Ribosomes are essential for protein synthesis in all living organisms. Prokaryotic and eukaryotic ribosomes both contain a scaffold of ribosomal RNA (rRNA) on which are arrayed an extensive variety of ribosomal proteins (RP). Ribosomopathies can arise from abnormalities of either rRNA or the various RPs.

The nomenclature of rRNA subunits is derived from each component's Svedberg unit, which is an ultracentrifuge sedimentation coefficient, that is affected by mass and also shape. These S units of the rRNA subunits cannot simply be added because they represent measures of sedimentation rate rather than of mass. Eukaryotic ribosomes are somewhat larger and more complex than prokaryotic ribosomes. The overall 80S eukaryotic rRNA structure is composed of a large 60S subunit (LSU) and a small 40S subunit (SSU).
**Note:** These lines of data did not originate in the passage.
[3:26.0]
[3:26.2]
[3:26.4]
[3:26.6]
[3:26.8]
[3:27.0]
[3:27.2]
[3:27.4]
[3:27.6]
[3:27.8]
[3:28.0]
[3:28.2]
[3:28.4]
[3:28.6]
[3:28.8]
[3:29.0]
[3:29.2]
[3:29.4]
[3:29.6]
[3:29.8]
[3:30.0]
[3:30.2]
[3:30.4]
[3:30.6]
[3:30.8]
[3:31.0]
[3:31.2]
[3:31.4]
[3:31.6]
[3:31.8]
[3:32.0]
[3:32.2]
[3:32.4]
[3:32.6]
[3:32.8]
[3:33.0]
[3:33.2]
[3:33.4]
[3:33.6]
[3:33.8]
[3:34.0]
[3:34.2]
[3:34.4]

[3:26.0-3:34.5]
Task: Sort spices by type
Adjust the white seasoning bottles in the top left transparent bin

In humans, a single transcription unit separated by 2 internally transcribed spacers encodes a precursor, 45S. The precursor 45S rDNA is organized into 5 clusters (each has 30-40 repeats) on chromosomes 13, 14, 15, 21, and 22. These are transcribed in the nucleolus by RNA polymerase I. 45S is processed in the nucleus via 32S rRNA to 28S and 5.8S, and via 30S to 18S, as shown in the diagram. 18S is a component of the ribosomal 40S subunit. 28S, 5.8S and 5S, which is transcribed independently, are components of 60S. The 5S DNA occurs in tandem arrays (~200-300 true 5S genes and many dispersed pseudogenes); the largest is on chromosome 1q41-42. 5S rRNA is transcribed by RNA polymerase III. It is not fully clear why rRNA is processed in this way rather than being directly transcribed as mature rRNA, but the sequential steps may have a role in the proper folding of rRNA or in subsequent RP assembly.
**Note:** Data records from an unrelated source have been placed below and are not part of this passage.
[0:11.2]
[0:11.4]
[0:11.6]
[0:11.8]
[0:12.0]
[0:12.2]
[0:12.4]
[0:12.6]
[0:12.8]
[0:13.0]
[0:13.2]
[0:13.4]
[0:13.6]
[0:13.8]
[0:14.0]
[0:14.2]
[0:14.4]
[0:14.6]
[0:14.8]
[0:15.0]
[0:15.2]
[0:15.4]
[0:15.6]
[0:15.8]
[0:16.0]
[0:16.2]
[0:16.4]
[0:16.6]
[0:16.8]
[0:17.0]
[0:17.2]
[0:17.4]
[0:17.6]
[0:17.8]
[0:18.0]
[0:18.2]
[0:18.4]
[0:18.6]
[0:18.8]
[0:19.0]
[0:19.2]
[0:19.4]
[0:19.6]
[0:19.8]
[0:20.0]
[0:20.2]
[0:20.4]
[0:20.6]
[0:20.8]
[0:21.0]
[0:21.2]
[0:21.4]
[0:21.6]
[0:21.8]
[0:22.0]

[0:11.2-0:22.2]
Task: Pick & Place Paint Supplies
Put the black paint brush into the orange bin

The products of this processing within the cell nucleus are the four principal types of cytoplasmic rRNA: 28S, 5.8S, 18S, and 5S subunits. and (cite)(cite) (Mammalian cells also have 2 types of mitochondrial rRNA molecules, 12S and 16S.) In humans, as in most eukaryotes, the 18S rRNA is a component of 40S ribosomal subunit, and the 60S large subunit contains three rRNA species (the 5S, 5.8S and 28S in mammals, 25S in plants). 60S rRNA acts as a ribozyme, catalyzing peptide bond formation, while 40S monitors the complementarity between tRNA anticodon and mRNA.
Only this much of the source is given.